About this task. The entries must be set down again word for word; no pictures belong in the copy.

Raw data.
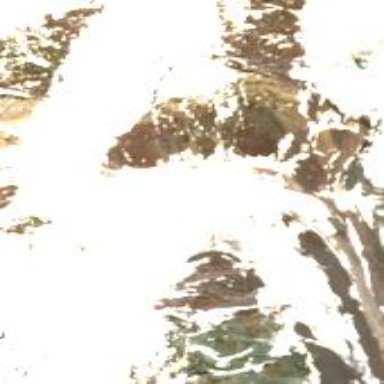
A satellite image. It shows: Stunning view of glacier.
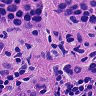
Metastatic tissue present: yes
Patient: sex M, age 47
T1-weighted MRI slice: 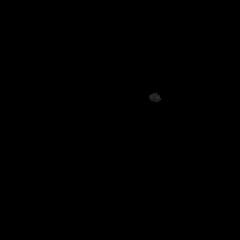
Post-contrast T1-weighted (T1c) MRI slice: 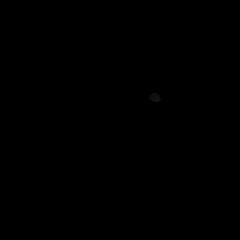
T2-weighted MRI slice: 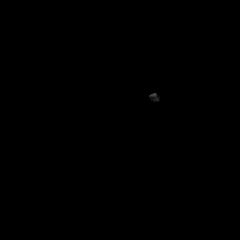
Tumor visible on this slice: no
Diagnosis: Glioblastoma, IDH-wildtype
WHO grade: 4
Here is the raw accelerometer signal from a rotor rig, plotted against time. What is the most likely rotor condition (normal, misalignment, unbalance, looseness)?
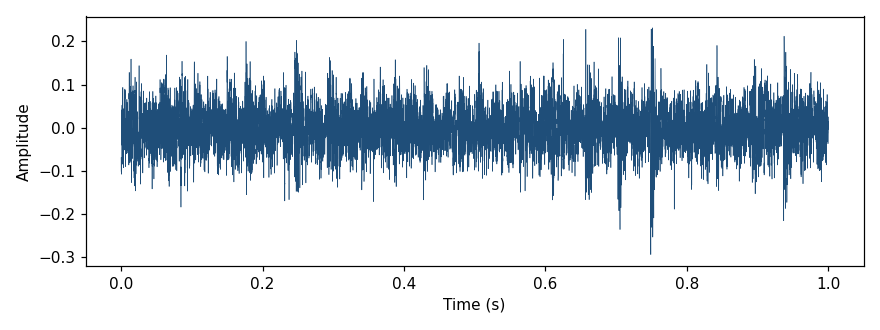
Answer: misalignment
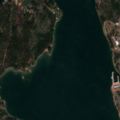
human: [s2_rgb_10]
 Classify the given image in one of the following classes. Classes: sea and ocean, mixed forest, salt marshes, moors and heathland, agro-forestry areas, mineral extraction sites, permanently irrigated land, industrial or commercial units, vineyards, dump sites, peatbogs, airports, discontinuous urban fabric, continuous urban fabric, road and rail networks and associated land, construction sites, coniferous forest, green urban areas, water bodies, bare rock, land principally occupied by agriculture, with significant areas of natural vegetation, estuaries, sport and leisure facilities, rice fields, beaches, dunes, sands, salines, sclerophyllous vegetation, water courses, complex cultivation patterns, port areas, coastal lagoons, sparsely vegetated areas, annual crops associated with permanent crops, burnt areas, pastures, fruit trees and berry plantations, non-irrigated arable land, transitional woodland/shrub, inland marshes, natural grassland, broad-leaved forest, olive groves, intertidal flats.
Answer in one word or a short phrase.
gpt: discontinuous urban fabric, coniferous forest, sea and ocean
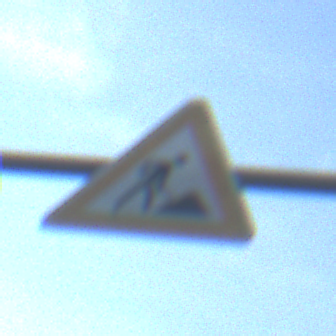
Verkehrszeichen: Arbeitsstelle
Umgebung: Outdoor, Nature
Tageszeit: MorningAfternoon
Wetter: PartlyCloudy
Licht: Natural
Jahreszeit: NotSpecified
Kontrast: MediumContrast
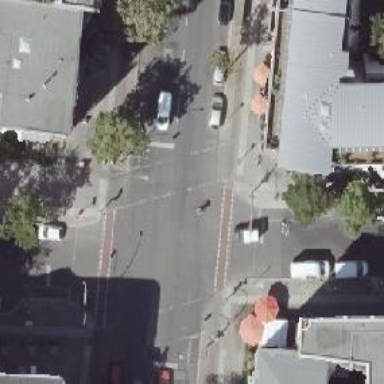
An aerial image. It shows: Asphalt cycleway with crossing.
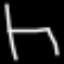
Label: chair
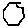
Label: hexagon
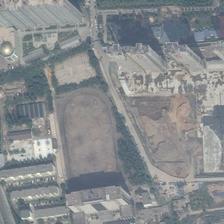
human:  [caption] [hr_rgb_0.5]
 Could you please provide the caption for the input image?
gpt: a bare ground playground is next to several tall buildings .

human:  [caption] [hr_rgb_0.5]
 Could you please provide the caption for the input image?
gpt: two spaces divided by plants is alongside some high buildings .

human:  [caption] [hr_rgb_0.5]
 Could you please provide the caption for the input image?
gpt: a waste football field and a straight highway beside .

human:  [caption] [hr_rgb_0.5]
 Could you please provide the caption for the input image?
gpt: a playground and a bare ground are surrounded by many green trees and some tall buildings .

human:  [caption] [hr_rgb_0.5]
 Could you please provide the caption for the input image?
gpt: a large no repaired playground is surrounded by many trees and a tall building .
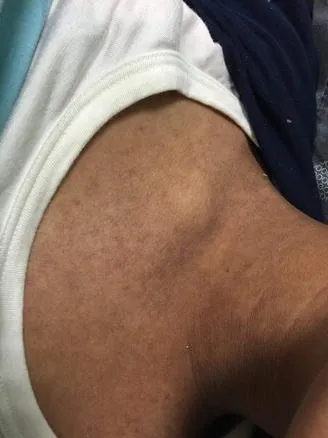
Erythematous maculopapular rash over the neck.
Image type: medical_photograph (skin_photograph)
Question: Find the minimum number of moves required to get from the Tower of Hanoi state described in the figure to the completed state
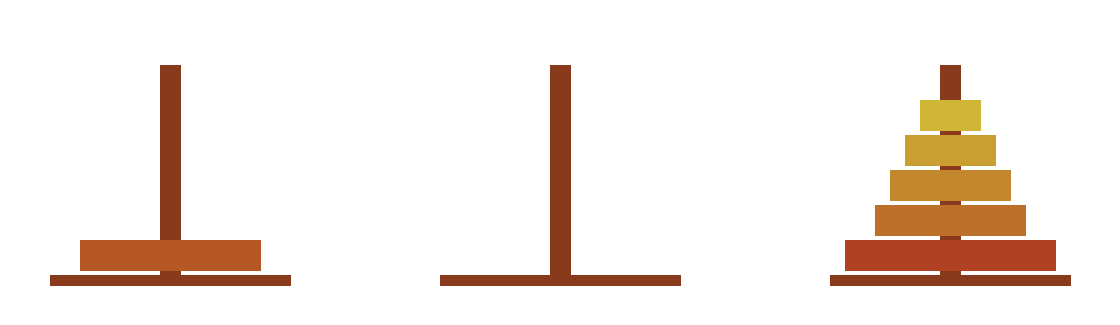
Answer: 31
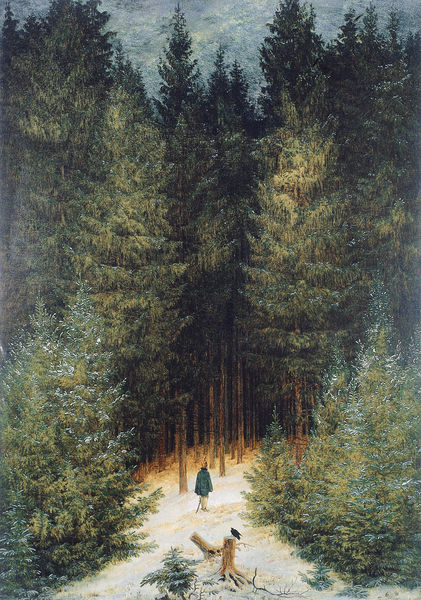
Titel: Der Chasseur im Walde
Künstler: Caspar David Friedrich
Institution: Privatsammlung
Schlagwörter: baum, dunkel, mann, vogel, bäume, grün, landschaft, weg, baumstamm, natur, stamm, mantel, wald, stock, stab, hang, winter, stämme, finster, wurzel, lichtung, wanderer, fichten, nadelwald, rabe, waldweg, waldlandschaft, baumstumpf, förster, krähe, baumwurzel, tann, waldspaziergang, fichrten, einzelne person
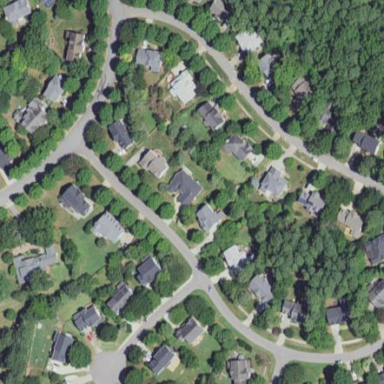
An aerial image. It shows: Residential neighbourhood.
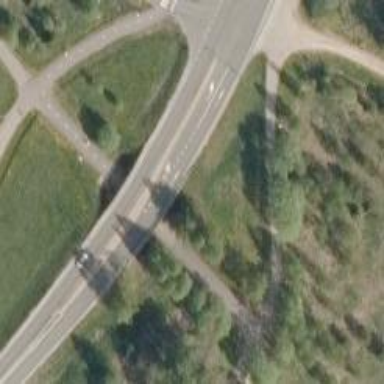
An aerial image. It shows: Asphalt cycleway. This cycleway is connection type.
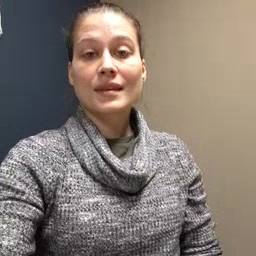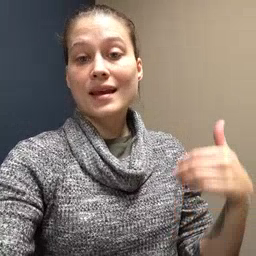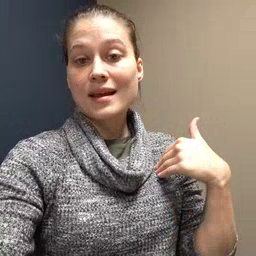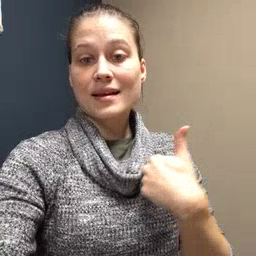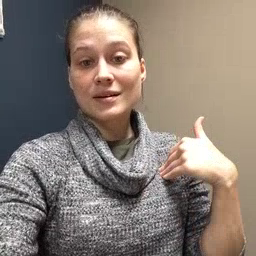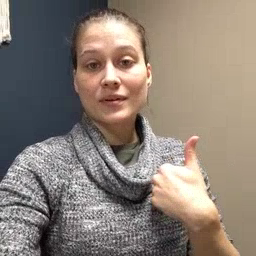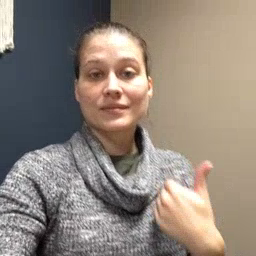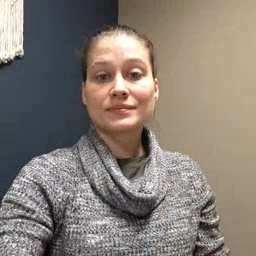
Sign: animal
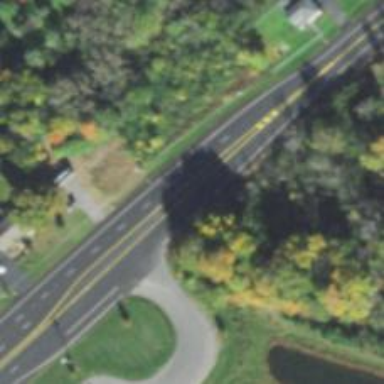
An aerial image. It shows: Secondary road.
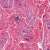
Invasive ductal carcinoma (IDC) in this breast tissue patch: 0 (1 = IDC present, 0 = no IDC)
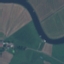
Label: River
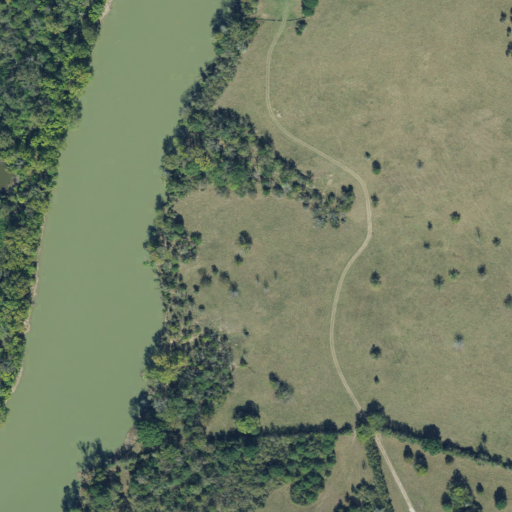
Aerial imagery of cliff(s) in Texas named Cincinnati Bluff containing pasture, open water, woody wetlands, open development, evergreen forest, low intensity development, herbaceous wetlands, and grassland
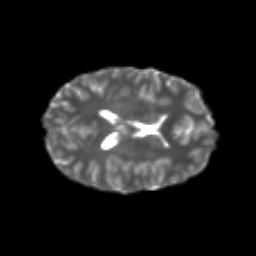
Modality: T2w
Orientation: axial
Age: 24
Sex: female
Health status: healthy
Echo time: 0.074 s
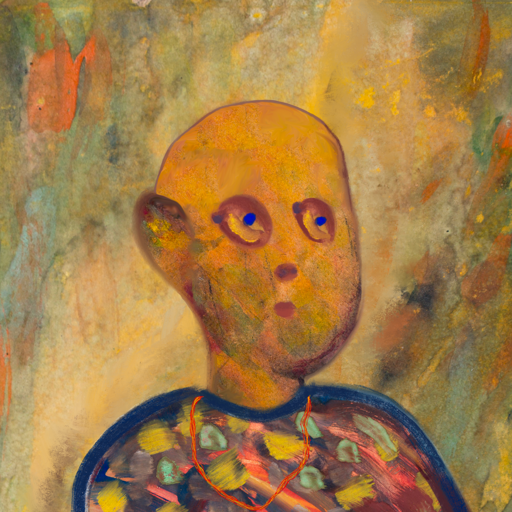
Background: Comrade, Head And Neck Side: Gypsy_Mother, Face Side: Mother_And_Son_Son, Bust: Mother_And_Son_Mother, Hair Side: Blank, Head Accessory: Blank, Second Necklace: Gypsy_Mother_2, Necklace: Blank, Baby: Blank
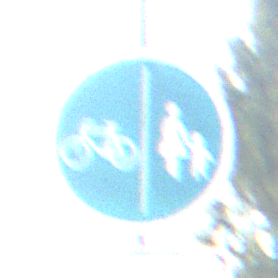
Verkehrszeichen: GetrennterRadUndGehwegRadwegLinks
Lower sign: BesondereFahrzeugeUndTransportgueter7
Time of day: MorningAfternoon
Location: Roofed (Urban)
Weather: PartlyCloudy
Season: NotSpecified
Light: Natural
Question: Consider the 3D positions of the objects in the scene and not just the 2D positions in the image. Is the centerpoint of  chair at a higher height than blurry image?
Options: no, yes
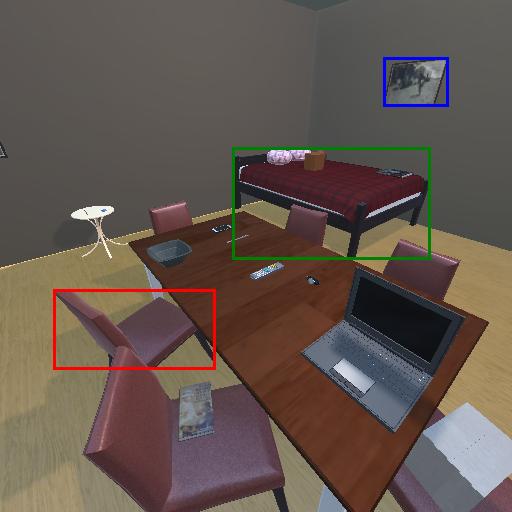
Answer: no
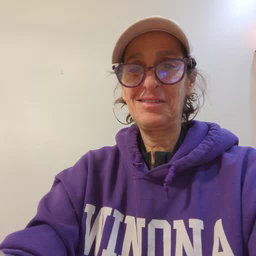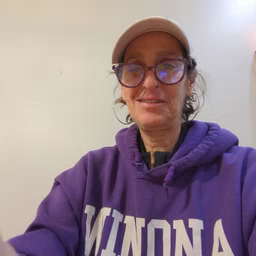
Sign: chocolate

Your solution.
A satellite image. It shows: Stunning view of glacier.
Metastatic tissue present: yes
Patient: sex M, age 47
T1-weighted MRI slice: 
Post-contrast T1-weighted (T1c) MRI slice: 
T2-weighted MRI slice: 
Tumor visible on this slice: no
Diagnosis: Glioblastoma, IDH-wildtype
WHO grade: 4
Here is the raw accelerometer signal from a rotor rig, plotted against time. What is the most likely rotor condition (normal, misalignment, unbalance, looseness)?
Answer: misalignment
human: [s2_rgb_10]
 Classify the given image in one of the following classes. Classes: sea and ocean, mixed forest, salt marshes, moors and heathland, agro-forestry areas, mineral extraction sites, permanently irrigated land, industrial or commercial units, vineyards, dump sites, peatbogs, airports, discontinuous urban fabric, continuous urban fabric, road and rail networks and associated land, construction sites, coniferous forest, green urban areas, water bodies, bare rock, land principally occupied by agriculture, with significant areas of natural vegetation, estuaries, sport and leisure facilities, rice fields, beaches, dunes, sands, salines, sclerophyllous vegetation, water courses, complex cultivation patterns, port areas, coastal lagoons, sparsely vegetated areas, annual crops associated with permanent crops, burnt areas, pastures, fruit trees and berry plantations, non-irrigated arable land, transitional woodland/shrub, inland marshes, natural grassland, broad-leaved forest, olive groves, intertidal flats.
Answer in one word or a short phrase.
gpt: discontinuous urban fabric, coniferous forest, sea and ocean
Verkehrszeichen: Arbeitsstelle
Umgebung: Outdoor, Nature
Tageszeit: MorningAfternoon
Wetter: PartlyCloudy
Licht: Natural
Jahreszeit: NotSpecified
Kontrast: MediumContrast
An aerial image. It shows: Asphalt cycleway with crossing.
Label: chair
Label: hexagon
human:  [caption] [hr_rgb_0.5]
 Could you please provide the caption for the input image?
gpt: a bare ground playground is next to several tall buildings .

human:  [caption] [hr_rgb_0.5]
 Could you please provide the caption for the input image?
gpt: two spaces divided by plants is alongside some high buildings .

human:  [caption] [hr_rgb_0.5]
 Could you please provide the caption for the input image?
gpt: a waste football field and a straight highway beside .

human:  [caption] [hr_rgb_0.5]
 Could you please provide the caption for the input image?
gpt: a playground and a bare ground are surrounded by many green trees and some tall buildings .

human:  [caption] [hr_rgb_0.5]
 Could you please provide the caption for the input image?
gpt: a large no repaired playground is surrounded by many trees and a tall building .
Erythematous maculopapular rash over the neck.
Image type: medical_photograph (skin_photograph)
Question: Find the minimum number of moves required to get from the Tower of Hanoi state described in the figure to the completed state
Answer: 31
Titel: Der Chasseur im Walde
Künstler: Caspar David Friedrich
Institution: Privatsammlung
Schlagwörter: baum, dunkel, mann, vogel, bäume, grün, landschaft, weg, baumstamm, natur, stamm, mantel, wald, stock, stab, hang, winter, stämme, finster, wurzel, lichtung, wanderer, fichten, nadelwald, rabe, waldweg, waldlandschaft, baumstumpf, förster, krähe, baumwurzel, tann, waldspaziergang, fichrten, einzelne person
An aerial image. It shows: Residential neighbourhood.
An aerial image. It shows: Asphalt cycleway. This cycleway is connection type.
Sign: animal
An aerial image. It shows: Secondary road.
Invasive ductal carcinoma (IDC) in this breast tissue patch: 0 (1 = IDC present, 0 = no IDC)
Label: River
Aerial imagery of cliff(s) in Texas named Cincinnati Bluff containing pasture, open water, woody wetlands, open development, evergreen forest, low intensity development, herbaceous wetlands, and grassland
Modality: T2w
Orientation: axial
Age: 24
Sex: female
Health status: healthy
Echo time: 0.074 s
Background: Comrade, Head And Neck Side: Gypsy_Mother, Face Side: Mother_And_Son_Son, Bust: Mother_And_Son_Mother, Hair Side: Blank, Head Accessory: Blank, Second Necklace: Gypsy_Mother_2, Necklace: Blank, Baby: Blank
Verkehrszeichen: GetrennterRadUndGehwegRadwegLinks
Lower sign: BesondereFahrzeugeUndTransportgueter7
Time of day: MorningAfternoon
Location: Roofed (Urban)
Weather: PartlyCloudy
Season: NotSpecified
Light: Natural
Question: Consider the 3D positions of the objects in the scene and not just the 2D positions in the image. Is the centerpoint of  chair at a higher height than blurry image?
Options: no, yes
Answer: no
Sign: chocolate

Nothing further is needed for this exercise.